We aim not just to be a technology-driven lab but to be a problem-driven lab. As the ICT industry needs to evolve, we also evolve the research program that we have to remove key barriers and allow us to open new markets.
My personal view is that we’re going to see this automation and optimization covering a wide range of areas. And that’s what’s going to drive a lot of what we’re doing in the networking and hardware ICT side.
We’re also doing a lot of work around natural language task automation. If you look at where AI systems have been deployed to date, the tasks that they’re doing don’t necessarily remove a large number of the routine tasks where we’re applying a lot of resources right now. For example, governments are actually getting more documents, and they need more people to process those documents and move them through the system. This is a form of digitization, which the world has started to do over the past twenty years. They key is not just digitization but digital representation.

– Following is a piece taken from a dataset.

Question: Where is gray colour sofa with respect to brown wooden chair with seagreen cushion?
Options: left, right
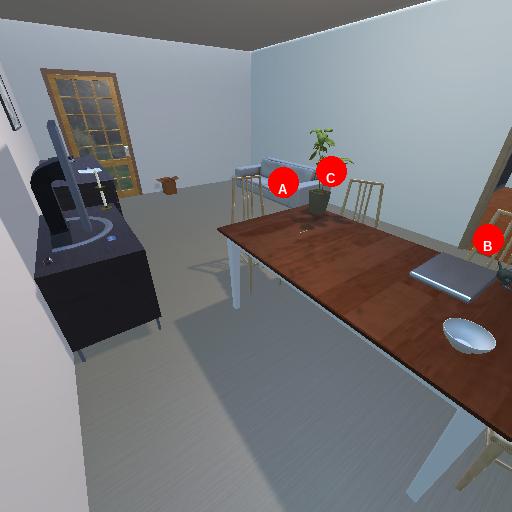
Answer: left

Instead of having a digital clone of what we have in the physical world, what’s necessary is to go beyond simple digitization and find a better representation of that information. That’s what natural language processing does. It takes a 100-page document and breaks it down into a set of features that we can use to actually optimize tasks and make decisions.
If you need to read 100 emails, a system that actually breaks that down and provides which emails to read first and which are for later is a game changer. That’s the kind of trivial optimization, the next layer of understanding, that’s not yet here but sits close on the horizon.
Considering human augmentation, even just enabling a human to be 10% more efficient at making decisions, finding documents, or reading emails would be a huge efficiency gain when done globally.
In line with this, we’re evolving for collaboration between humans and machines, or rather humans and the world. The world being adaptive is a collaborative process.
Delivering distributed, collaborative, trusted, and private work is a key research task. Bringing all the pieces — network and people — together should be done in a way that allows us to trust what the system is going to do, at a rate of speed. If the system is designed well, they can solve a task faster than each of them individually.
But in reality, coordinating people together is hard and can slow down productivity. Hence, depending on the type of task and method, you can either gain or lose tremendously from collaborative efforts. There’s a lot of work that needs to happen on that space to understand, at a more fundamental level, on which problems can be solved among collaborators.
How do you plan to continue delivering high-impact, problem-driven research to generate new and up-to-date information and innovative solutions?
I hope that we’re on the right trajectory now of what we’re doing. What we do inside NEC is work shoulder-to-shoulder with our business units, defining a vision for the future. In that conversation with them and their customers, we will find where the key challenges are.
Knowing the right problem is half the battle to doing good research. We’re going to take those problems and we’ll go back to our manifesto: smart people, hard problems, magic happens.
We’re going to collaborate broadly, working across all the global NEC Labs to give us a perspective from different countries. We have PhD researchers trained across a wide variety of disciplines, so we have the expertise to bring in when collaborating with academia and universities.
We draw in a wide range of both new and existing talents from the universities who may be focused on more profound topics. We become the coupling agent between the problems that come from our business units and the cutting-edge academic research that could hopefully bring solutions to disrupt, create new markets and make the world a better place for all of us.